Что за сон теперь овладел тобою…
Стал ты темен и меня не слышишь!
(Пер. И. М. Дьяконова)
Печаль и тоска не дают Гильгамешу покоя, и он решает отправиться в далекое путешествие через неприступные горы и «воды смерти», чтобы дойти до того места, где находится Ут-напиштим (аккадский Зиусудра). Этот правитель Шуруппака, которого боги одарили бессмертием, может помочь Гильгамешу, он может открыть ему тайну вечной жизни. Гордый и бесстрашный герой преодолевает горы и широкие долины, сражается с дикими зверями, страдает от голода и жажды. И вот, вконец измученный, он достигает «первозданного моря», переплывает «воды смерти» и предстает перед Ут-напиштимом. Своим видом он совсем не похож на героя: исхудавший, изнуренный, одетый в звериные шкуры, грязный, с падающими на плечи спутанными волосами и растрепанной бородой, он напоминает жалкого нищего.

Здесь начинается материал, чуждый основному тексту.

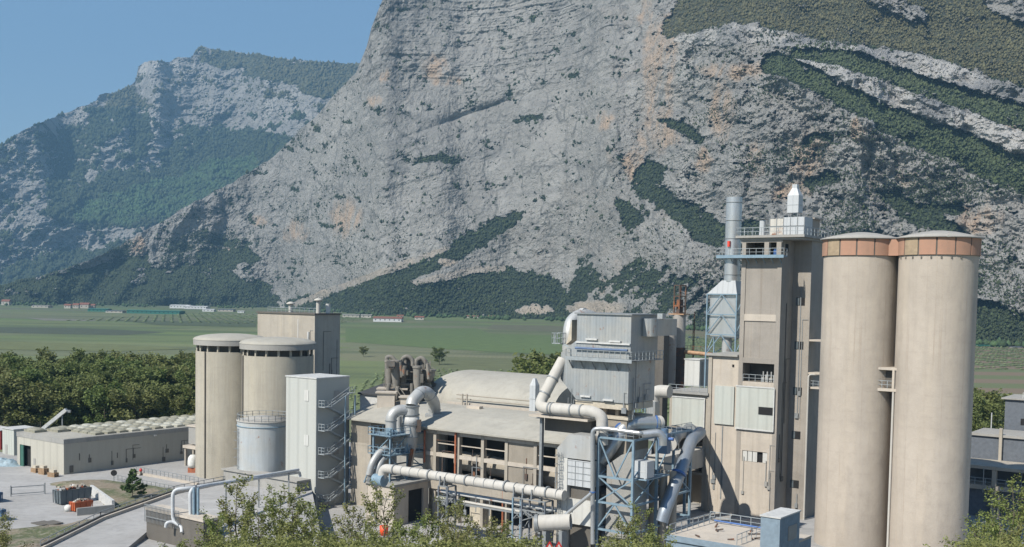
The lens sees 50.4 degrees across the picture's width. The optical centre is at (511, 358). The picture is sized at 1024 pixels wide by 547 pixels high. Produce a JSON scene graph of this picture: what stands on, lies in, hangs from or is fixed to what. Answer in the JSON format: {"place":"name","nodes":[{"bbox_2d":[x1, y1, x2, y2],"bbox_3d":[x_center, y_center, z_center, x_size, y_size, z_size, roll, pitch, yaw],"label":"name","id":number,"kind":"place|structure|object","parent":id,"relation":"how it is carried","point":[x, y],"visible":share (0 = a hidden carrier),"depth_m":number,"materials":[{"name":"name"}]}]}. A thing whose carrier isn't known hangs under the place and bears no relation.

Все то время, пока шел к Ут-напиштиму, Гильгамеш размышлял о бессмертии. Пересекая равнину, он восклицал: «И сам я не так ли умру, как Энкиду?». Он не поверил словам бога: «Гильгамеш, куда ты стремишься? Жизни, что ищешь, не найдешь ты». Несмотря ни на что, надежда поддерживает его, он не может смириться:
Как же смолчу я, как успокоюсь?
Друг мой любимый стал землею!
Энкиду, друг мой любимый, стал землею!
Так же как он, и я не лягу ль,
Чтоб не встать во веки веков?
(Пер. И. М. Дьяконова)
И вот Гильгамеш предстал перед Ут-напиштимом. Ут-напиштим рассказал ему о потопе и о том, как боги даровали ему бессмертие. Но сделать то же для Гильгамеша едва ли согласится кто-нибудь из богов. И тогда герой из Урука понял, что для него нет надежды. Однако случилось так, что за Гильгамеша вступилась жена Ут-напиштима. Поддавшись ее уговорам и просьбам, Ут-напиштим рассказал герою о том, где и как можно достать со дна морской пучины «растение жизни». И Гильгамеш отправляется за «травой жизни». Он ныряет глубоко в морскую пучину и достает чудесное растение. И все же решение богов непреложно: никто из смертных не будет жить вечно. Напрасно радовался Гильгамеш на обратном пути в Урук: боги следили за ним и в тот момент, когда он купался в маленькой речке, подосланная ими змея схватила «траву жизни».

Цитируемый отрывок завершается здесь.